Sonics owner scores in judge's pretrial rulings
Judge agrees to weigh evidence of efforts to reach a local arena deal and of "dysfunction" between the city and team; author can testify for city.
Seattle Times staff reporter
A federal judge handed Sonics owner Clay Bennett some early legal victories Monday, denying several motions by the city of Seattle to limit evidence Bennett's attorneys can use at trial.
U.S. District Judge Marsha Pechman ruled that, when the trial starts next Monday, the Sonics can offer evidence of the time and money Bennett spent trying to secure a local arena deal as part of its defense.
The city is suing the Sonics to try to keep the team at KeyArena through the end of its lease in September 2010.

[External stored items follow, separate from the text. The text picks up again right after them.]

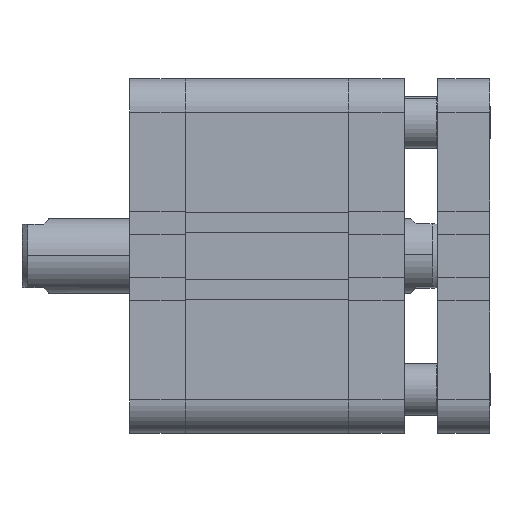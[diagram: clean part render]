
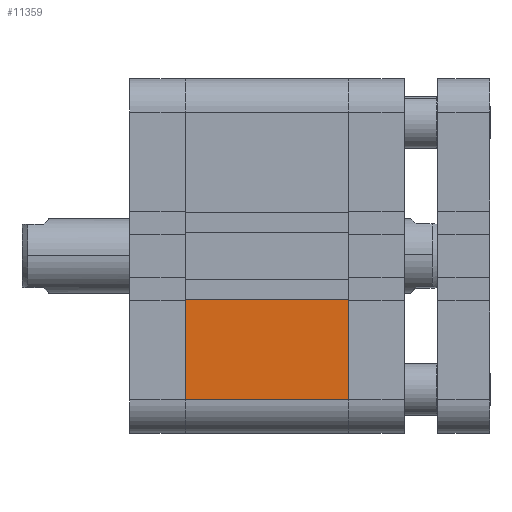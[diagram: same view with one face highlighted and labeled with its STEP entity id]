
A CAD part, front view. The second image highlights one B-rep face of the part: STEP entity #11359.
In plain terms, the highlighted planar face has unit normal (0, -1, 0).
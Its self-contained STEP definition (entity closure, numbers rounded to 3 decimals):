
#3431 = CARTESIAN_POINT ( 'NONE',  ( 44.001, -47.75, -11.8 ) ) ;
#3587 = VERTEX_POINT ( 'NONE', #11199 ) ;
#5057 = CARTESIAN_POINT ( 'NONE',  ( 44., -47.75, -47.75 ) ) ;
#9547 = CARTESIAN_POINT ( 'NONE',  ( 44., -47.75, -47.75 ) ) ;
#9940 = EDGE_LOOP ( 'NONE', ( #16071, #28853, #18270, #25238 ) ) ;
#11199 = CARTESIAN_POINT ( 'NONE',  ( 44., -47.75, -38.75 ) ) ;
#11359 = ADVANCED_FACE ( 'NONE', ( #12491 ), #38300, .F. ) ;
#12491 = FACE_OUTER_BOUND ( 'NONE', #9940, .T. ) ;
#13473 = EDGE_CURVE ( 'NONE', #27313, #3587, #31549, .T. ) ;
#14019 = VECTOR ( 'NONE', #24080, 1000. ) ;
#14335 = LINE ( 'NONE', #5057, #14019 ) ;
#15467 = DIRECTION ( 'NONE',  ( 1., 0., 0. ) ) ;
#15684 = CARTESIAN_POINT ( 'NONE',  ( 44., -47.75, -38.75 ) ) ;
#16071 = ORIENTED_EDGE ( 'NONE', *, *, #17243, .T. ) ;
#17243 = EDGE_CURVE ( 'NONE', #28672, #18451, #20315, .T. ) ;
#17841 = CARTESIAN_POINT ( 'NONE',  ( 44., -47.75, -11.8 ) ) ;
#18270 = ORIENTED_EDGE ( 'NONE', *, *, #13473, .T. ) ;
#18451 = VERTEX_POINT ( 'NONE', #24153 ) ;
#19146 = VECTOR ( 'NONE', #20977, 1000. ) ;
#20315 = LINE ( 'NONE', #3431, #27166 ) ;
#20977 = DIRECTION ( 'NONE',  ( 0., 0., -1. ) ) ;
#24080 = DIRECTION ( 'NONE',  ( 0., 0., -1. ) ) ;
#24153 = CARTESIAN_POINT ( 'NONE',  ( 0., -47.75, -11.8 ) ) ;
#24213 = AXIS2_PLACEMENT_3D ( 'NONE', #9547, #32155, #25389 ) ;
#24582 = CARTESIAN_POINT ( 'NONE',  ( 0., -47.75, -47.75 ) ) ;
#25238 = ORIENTED_EDGE ( 'NONE', *, *, #34180, .F. ) ;
#25389 = DIRECTION ( 'NONE',  ( 0., 0., 1. ) ) ;
#26072 = EDGE_CURVE ( 'NONE', #18451, #27313, #40251, .T. ) ;
#27166 = VECTOR ( 'NONE', #39800, 1000. ) ;
#27313 = VERTEX_POINT ( 'NONE', #39235 ) ;
#28672 = VERTEX_POINT ( 'NONE', #17841 ) ;
#28853 = ORIENTED_EDGE ( 'NONE', *, *, #26072, .T. ) ;
#31549 = LINE ( 'NONE', #15684, #37870 ) ;
#32155 = DIRECTION ( 'NONE',  ( 0., 1., 0. ) ) ;
#34180 = EDGE_CURVE ( 'NONE', #28672, #3587, #14335, .T. ) ;
#37870 = VECTOR ( 'NONE', #15467, 1000. ) ;
#38300 = PLANE ( 'NONE',  #24213 ) ;
#39235 = CARTESIAN_POINT ( 'NONE',  ( 0., -47.75, -38.75 ) ) ;
#39800 = DIRECTION ( 'NONE',  ( -1., 0., 0. ) ) ;
#40251 = LINE ( 'NONE', #24582, #19146 ) ;

Sonics' attorneys also can introduce evidence of "dysfunction" between the city and team, as well as a January poll that showed two-thirds of Seattle-area residents wouldn't care if the team leaves for Oklahoma City.
Pechman did grant the city one small victory — ruling that author Sherman Alexie can testify as a witness in the June 16 trial. Alexie, winner of the National Book Award, is a Sonics season-ticket holder who is expected to testify on the team's importance to Seattle.

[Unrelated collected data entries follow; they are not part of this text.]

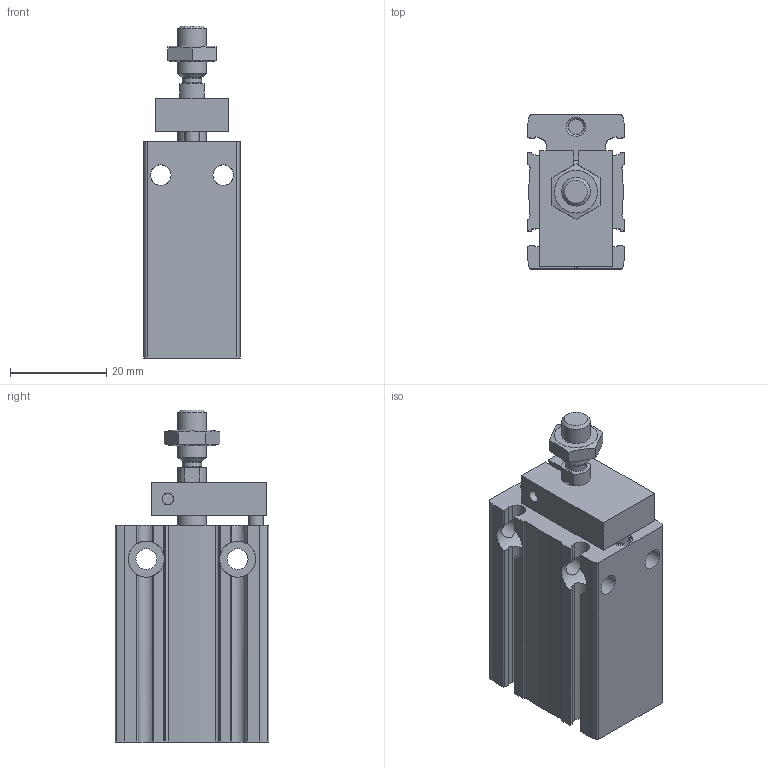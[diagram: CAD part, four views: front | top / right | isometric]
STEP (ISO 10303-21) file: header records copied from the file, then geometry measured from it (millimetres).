
FILE_DESCRIPTION(/* description */ ('STEP AP214'),/* implementation_level */ '2;1');
FILE_NAME(/* name */ '4834260_DPDM-Q-16-5-PA',/* time_stamp */ '2024-08-20T21:20:00+02:00',/* author */ ('License CC BY-ND 4.0'),/* organization */ ('CADENAS'),/* preprocessor_version */ 'ST-DEVELOPER v19.3',/* originating_system */ 'PARTsolutions',/* authorisation */ ' ');
FILE_SCHEMA (('AUTOMOTIVE_DESIGN {1 0 10303 214 3 1 1}'));
Length unit declared in the file: millimetre
Products named in the file (6): 4834260 DPDM-Q-16-5-PA---(0); 4186566 DPDM-Q-5---(h); 4186566 DPDM-Q-5---(r); ISO 4035 M6(F); 4186566 DPDM 16-5---(p); ISO-4762 M3x10
Assembly tree (5 placements, depth 2):
  4834260 DPDM-Q-16-5-PA---(0)
    4186566 DPDM-Q-5---(h)
    4186566 DPDM-Q-5---(r)
    ISO 4035 M6(F)
    4186566 DPDM 16-5---(p)
    ISO-4762 M3x10
Bounding box: 20 x 32 x 69 mm (x, y, z)
Volume: 26421.4 mm3; surface area: 13376.1 mm2
Topology: 5 solids, 6 shells, 254 faces, 656 edges, 429 vertices
Faces by surface type: cylinder 111, plane 110, cone 31, torus 2
Full cylindrical faces by diameter (mm): 2.459 x1, 3 x3, 3.242 x3, 3.4 x1, 4 x2, 4.134 x2, 4.3 x8, 4.5 x2, 4.917 x1, 5.5 x1, 5.9 x1, 6 x3, 7.5 x4, 14 x1, 16 x2, 18 x1
Entity records: 9052 total; most frequent: CARTESIAN_POINT 1688, DIRECTION 1248, ORIENTED_EDGE 1156, EDGE_CURVE 578, AXIS2_PLACEMENT_3D 497, VERTEX_POINT 416, FACE_BOUND 360, EDGE_LOOP 358

However, KJR radio host Mitch Levy cannot testify because the city added him to the witness list too late, Pechman ruled.
Sonics' attorneys will also be allowed to present evidence of what they've called "a Machiavellian plan" by city leaders to pressure Bennett's ownership group, the Professional Basketball Club (PBC), into selling the team to local investors led by Microsoft CEO Steve Ballmer.
The outcome of the six-day trial will be decided by Pechman, with no jury.
Bennett is arguing the Sonics should be allowed to leave sooner in exchange for a cash settlement. He offered $26.5 million to the city in February but was rejected.
Although Pechman's ruling Monday grants the Sonics' attorneys a broader palette of evidence and arguments for the trial, strict time limits should encourage both sides to avoid getting sidetracked.
Each side in the trial will be "on the clock" — getting exactly 15 hours over six days to present opening and closing arguments, witnesses and evidence.
"PBC may determine which evidence it chooses to present within the structure of the timed-trial," Pechman wrote in her ruling Monday.
The ultimate impact of Pechman's pretrial rulings was not clear.
Paul Lawrence, an attorney for the city, said Pechman did not signal that she'd lend any credence to the Sonics' arguments or evidence. "She just said use your time as you see fit," Lawrence said.
A spokesman for Bennett said his attorneys would have no comment.
The main issue in the lawsuit is whether the city can enforce the "specific performance" clause in its KeyArena lease.
That clause means the team must play all home games at KeyArena through the end of the lease — something a cash buyout cannot make up for, the city argues.
But Sonics' attorneys have argued that forcing the team to endure two more lame-duck seasons would be unfair, and that the team should be allowed to pay a cash settlement to relocate to Oklahoma City.
The team estimates it would lose more than $61 million if forced to play out those final two years under the KeyArena lease. The team estimates it could make a profit of $19 million over the same period in Oklahoma City.